The incidence of testamentary trusts, previously reserved for the wealthy and the ‘artful dodgers’ is increasingly a part of the estate planning of every-day society. These particular types of trust that only arise upon the happening of the death of the maker of the will, are invaluable in dealing with blended families, assets that would otherwise be subject to substantial tax or duty; and the maintenance of minor or disabled beneficiaries.
The freedom that these vehicles give in the estate planning process come at the expense of control. That might appear counter-intuitive as an argument because the terms of the trust are well established prior to the maker of the will dying. However, the trust has been invited into the mix and bring with it all of the complexities that have plagued the law of trusts for centuries. Not the least of which is the powers of the trustee at general law and the law’s own interpretation of certain terms and phrases in the trust document.
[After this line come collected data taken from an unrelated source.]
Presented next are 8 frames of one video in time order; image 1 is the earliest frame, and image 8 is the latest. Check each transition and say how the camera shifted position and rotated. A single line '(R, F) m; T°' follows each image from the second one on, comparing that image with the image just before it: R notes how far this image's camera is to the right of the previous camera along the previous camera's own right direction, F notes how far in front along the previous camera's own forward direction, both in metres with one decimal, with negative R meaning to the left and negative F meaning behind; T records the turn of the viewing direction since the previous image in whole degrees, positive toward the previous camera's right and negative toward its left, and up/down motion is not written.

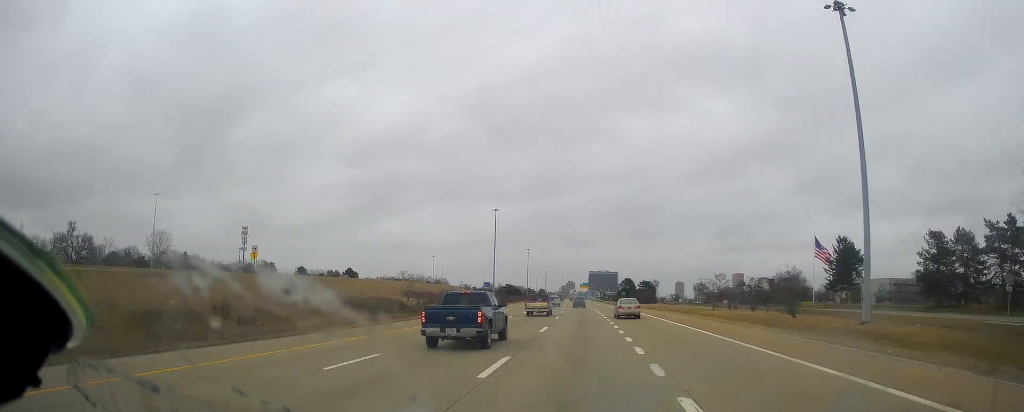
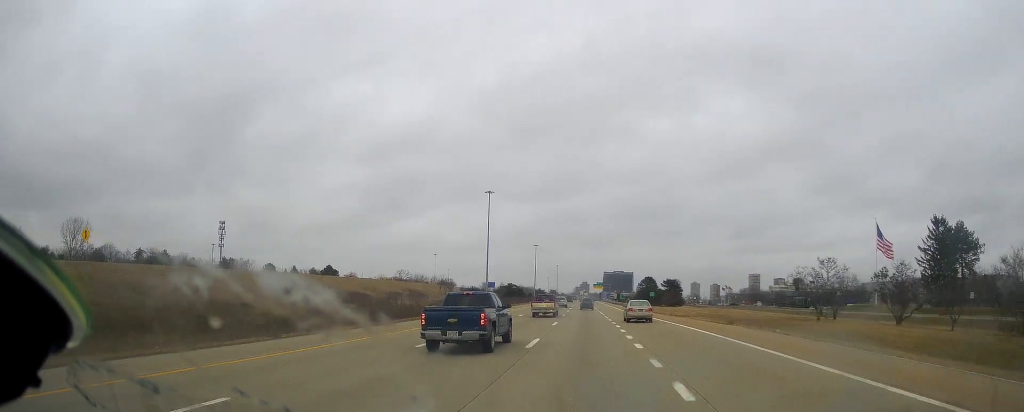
(-0.5, +39.3) m; -2°
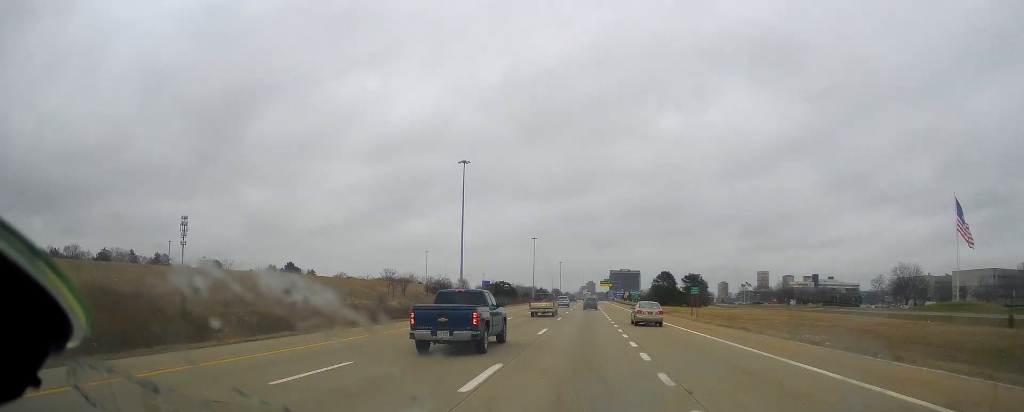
(-0.7, +39.9) m; 0°
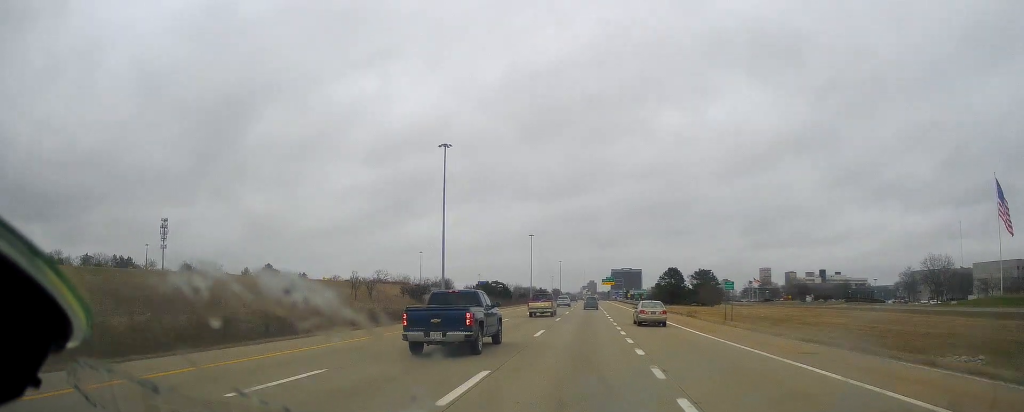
(+0.1, +16.8) m; +1°
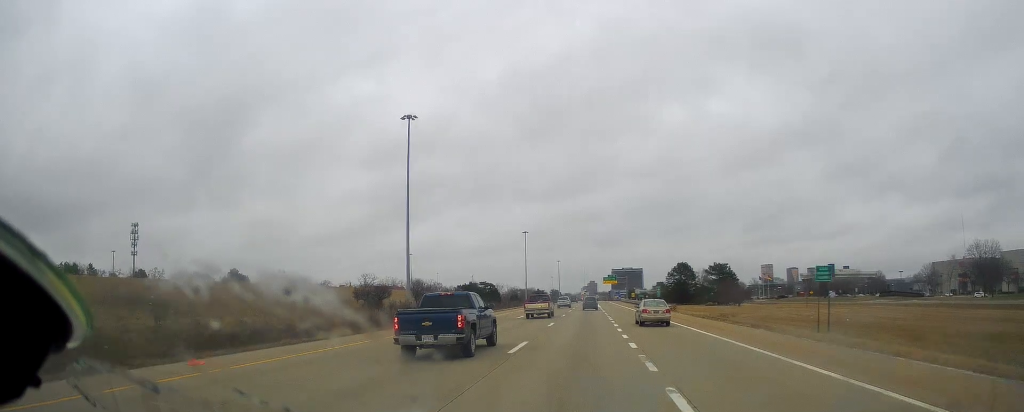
(0.0, +21.7) m; -1°
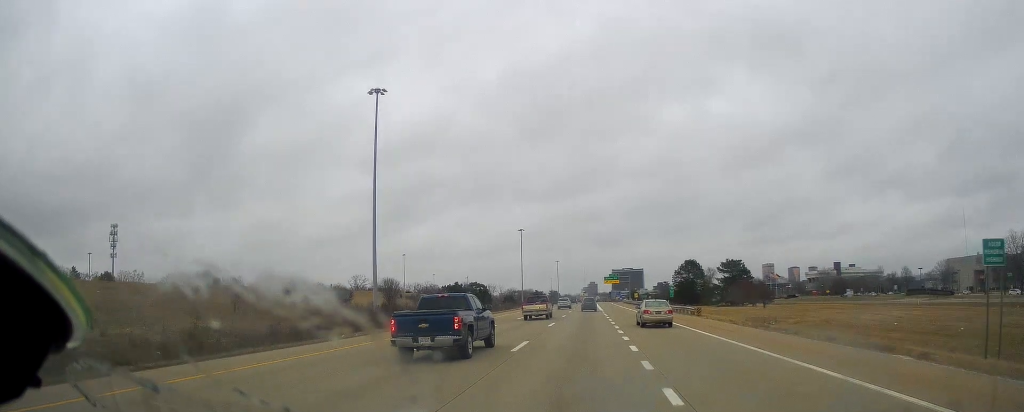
(0.0, +14.4) m; 0°
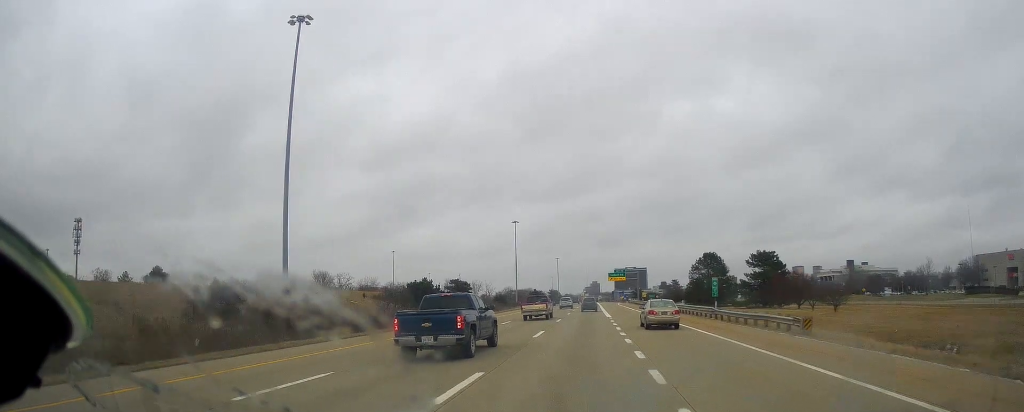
(-0.5, +24.8) m; 0°
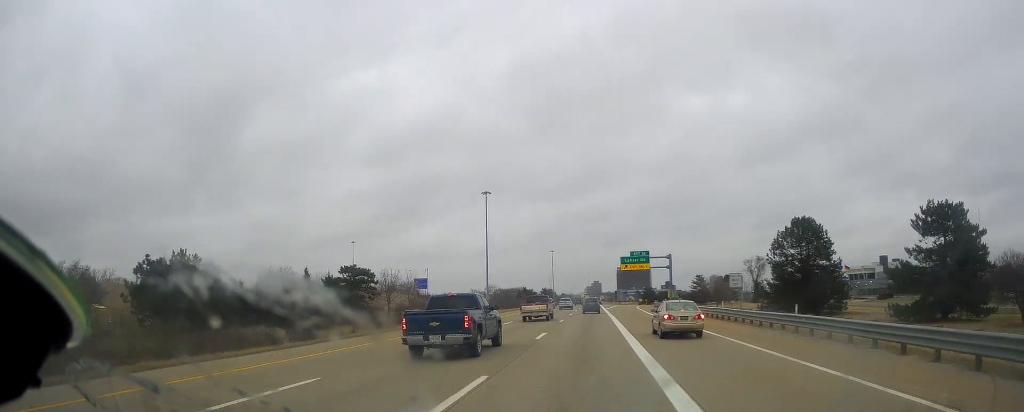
(0.0, +62.2) m; -1°
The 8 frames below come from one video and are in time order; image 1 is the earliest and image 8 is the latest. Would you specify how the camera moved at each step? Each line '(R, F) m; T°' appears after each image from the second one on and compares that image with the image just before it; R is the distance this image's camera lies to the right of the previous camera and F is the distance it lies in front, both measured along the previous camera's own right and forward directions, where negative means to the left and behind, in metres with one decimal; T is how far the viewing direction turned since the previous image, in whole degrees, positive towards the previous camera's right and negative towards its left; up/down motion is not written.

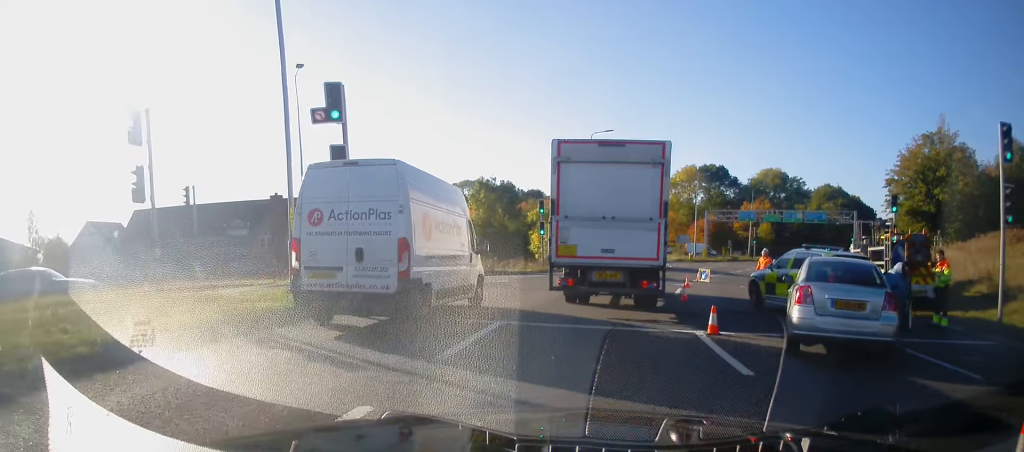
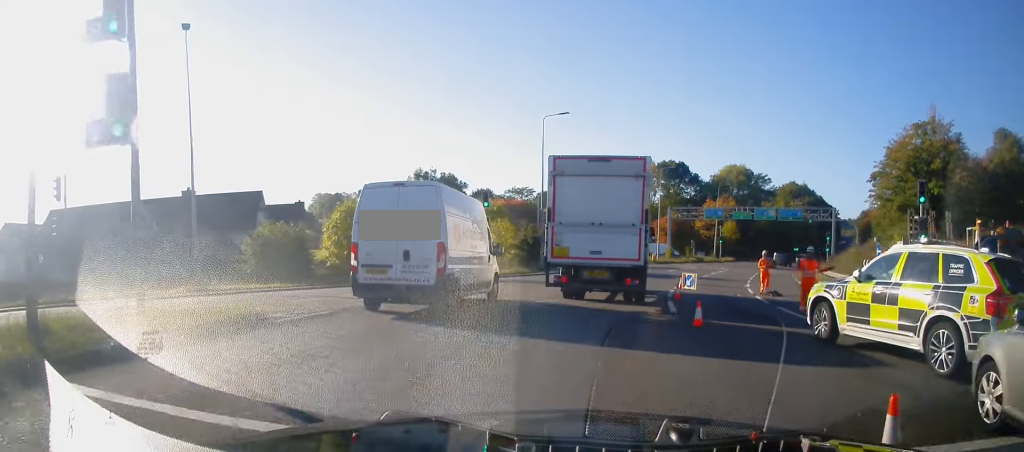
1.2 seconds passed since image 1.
(+0.3, +6.4) m; +5°
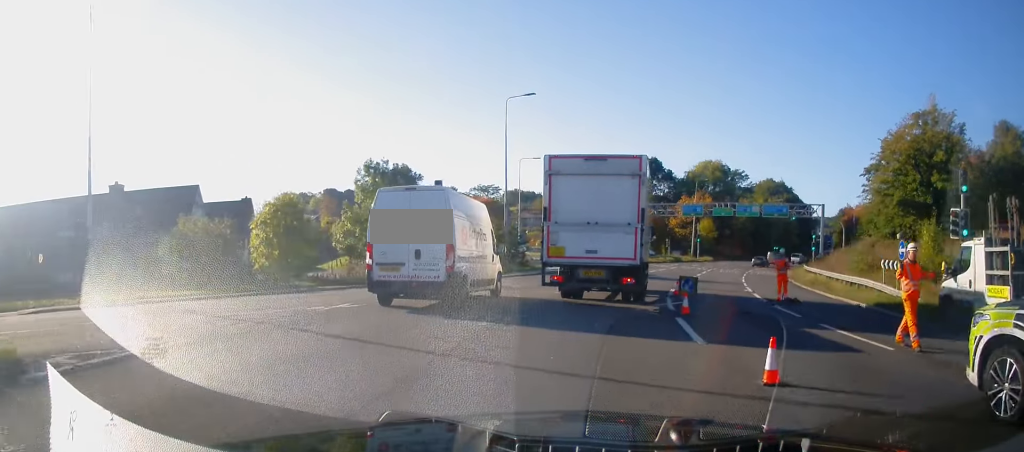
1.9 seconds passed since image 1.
(+0.1, +5.5) m; +2°
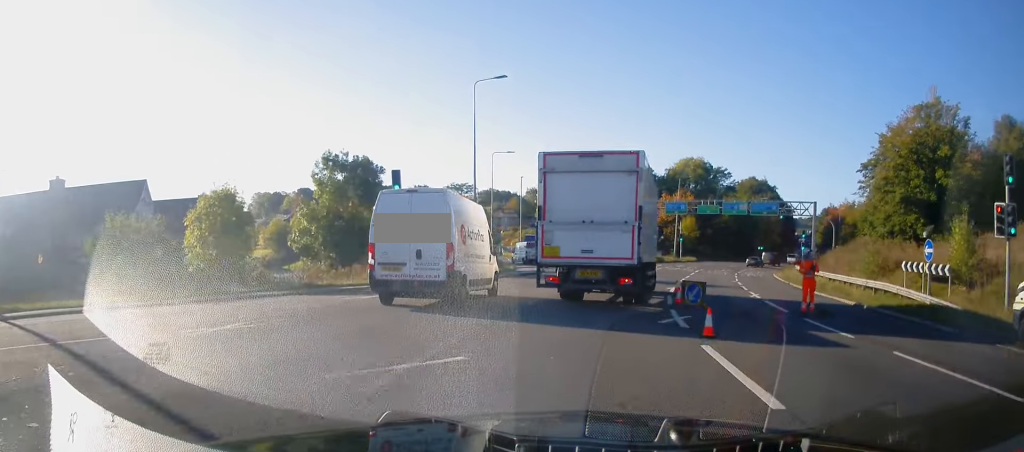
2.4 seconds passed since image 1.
(+0.1, +3.9) m; +2°
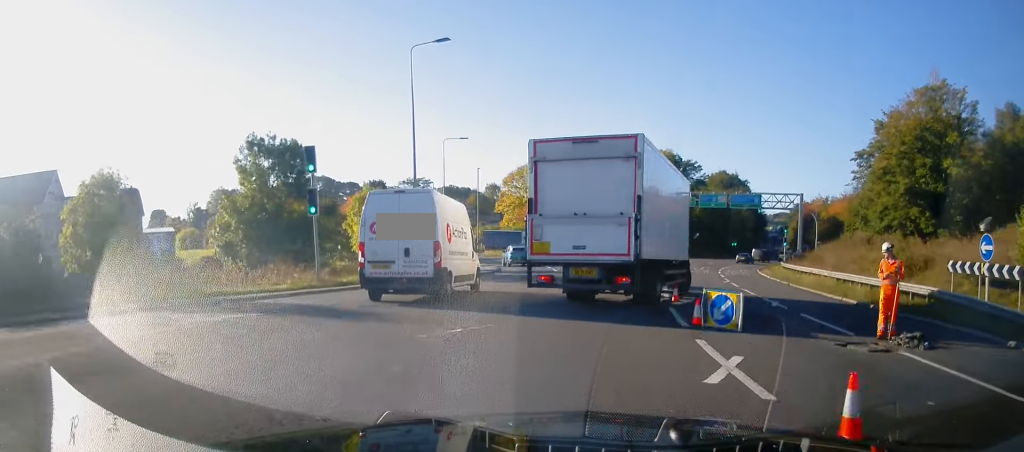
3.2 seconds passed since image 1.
(0.0, +5.8) m; +4°
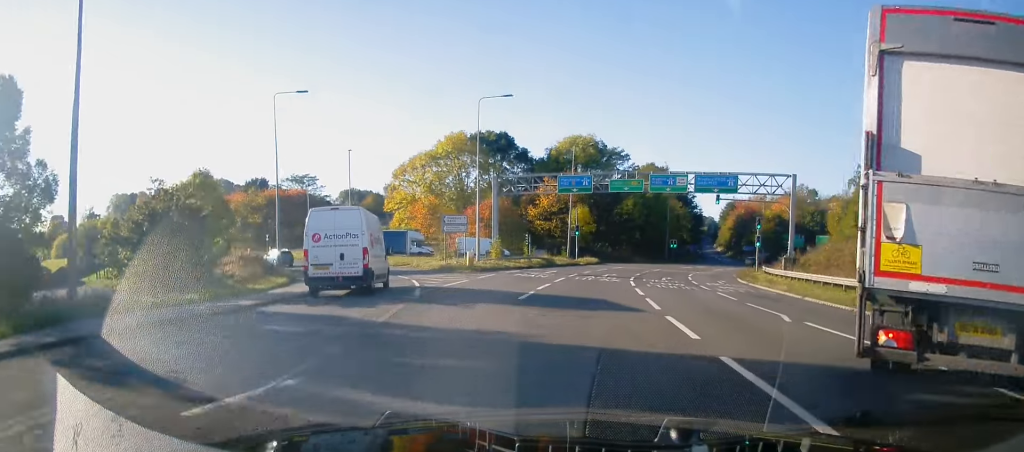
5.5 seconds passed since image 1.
(+1.6, +19.7) m; +8°
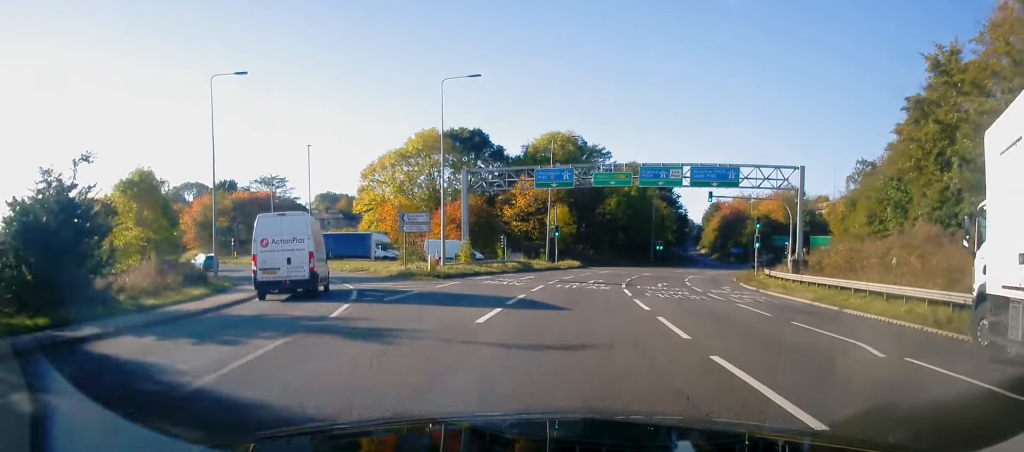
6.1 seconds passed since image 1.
(0.0, +5.5) m; +3°
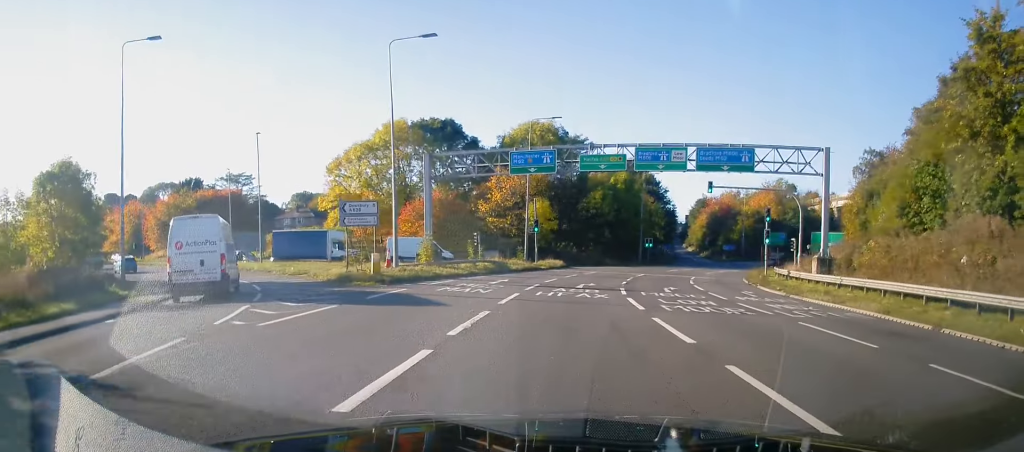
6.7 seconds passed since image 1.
(+0.3, +7.4) m; +1°

Even then, unintended consequences arise from situations that no one could have predicted when they were planning their testamentary dispositions. In Da Bruyn the testator had divided his state between his two sons. However, one son was disable by virtue of being compulsorily hospitalised for a mental condition so the share of the estate ear marked for that son was actioned via a discretionary testamentary trust.
The Department of Community Services took the assets into account for means test purposes and disqualified the second son for subsidised care. The trustee of the estate sought declarations about the discretionary nature of the trust. Despite that being resolved successfully, there was much deliberation about the world “or” and whether or not it should have been “of” which highlights the depth to which the Court will inquire.
The complexities of the testamentary trust were so great for one Western Australian trustee that it in fact caused him to take no action at all. Unconvinced of his power to do what the beneficiary was requesting him to do and convert certain pension assets held by the estate into an investment accessible to the beneficiary, he held of administering the estate and forced the beneficiary to bring an application for the Court to direct him to take certain actions.
There was doubt over whether or not the terms of the testamentary trust empowered the trustee to do what was being asked. In concluding that there was scope for the trustee to do what the beneficiary wanted, the Court was forced to imply certain powers by broadly reading one clause of the trust deed. None of what was being ventilated in the Court would have been the subject of any deliberations by the testator, who at the time of making the will was concerned with ensuring that the beneficiaries received the proceeds of his compensation claim in the most efficient way possible.
In such circumstances, efficiency of administration and the wishes of the testator are not the primary considerations of the Court. There is however, an almost manufactured result when there is not really a dispute in play and no person is resisting the rights asserted by any other. The Court is then charged with the responsibility of ensuring prudent administration takes place in a just manner, while at least attempting to have the parties leave with what they came for.
The most careful drafting and planning will only ever account for the majority of situations.Parties that are engaging in estate planning and structuring must be cognoscente of the significant prospect of confusion about the terms of their testamentary documents and the likelihood that it will lead to some interpretation, re-classification or even re-drafting because of confusion, dispute or even changes in the law itself.